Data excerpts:
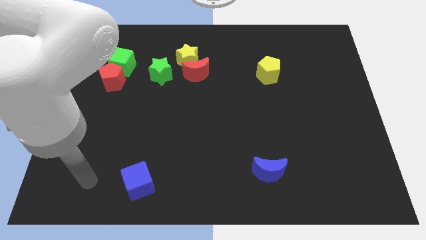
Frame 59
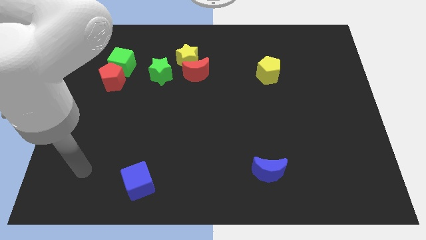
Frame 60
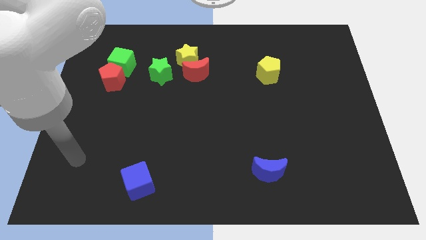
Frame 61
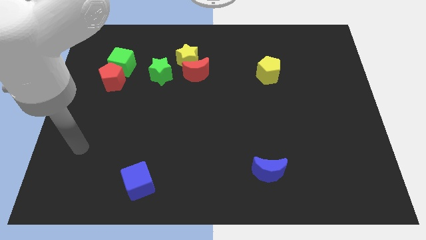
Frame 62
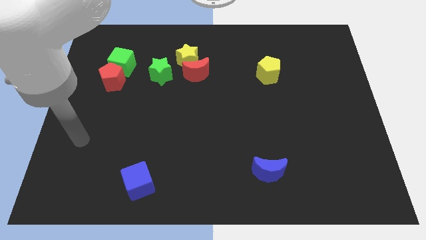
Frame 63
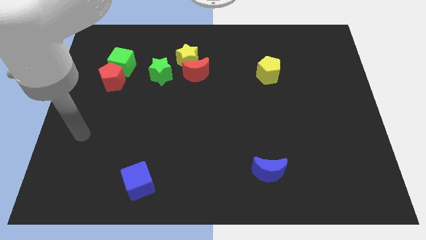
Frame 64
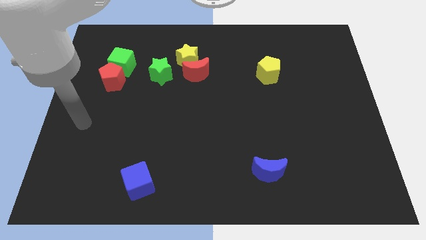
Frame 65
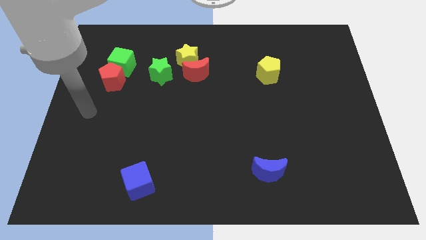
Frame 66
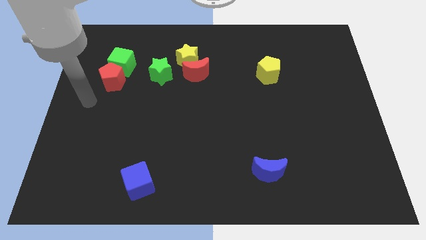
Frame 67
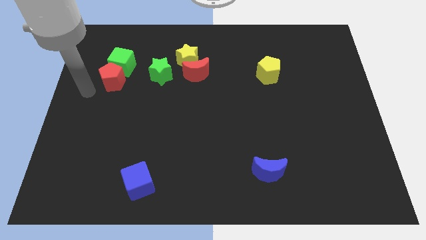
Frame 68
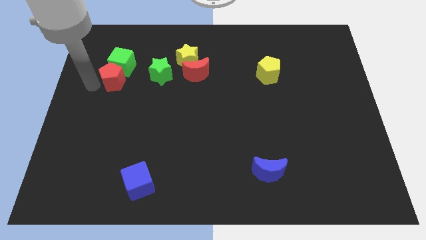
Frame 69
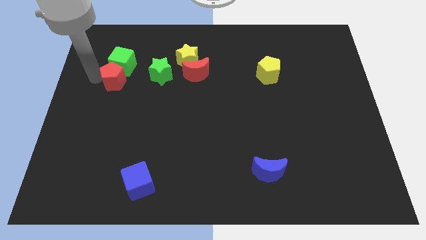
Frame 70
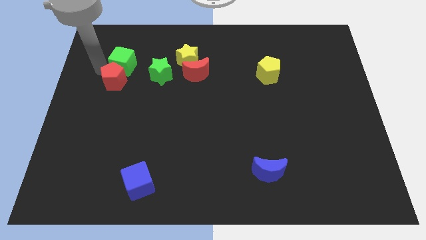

Task goal: Except for the pictures, give the data again word for word.

Task solution:
Frame 59
Frame 60
Frame 61
Frame 62
Frame 63
Frame 64
Frame 65
Frame 66
Frame 67
Frame 68
Frame 69
Frame 70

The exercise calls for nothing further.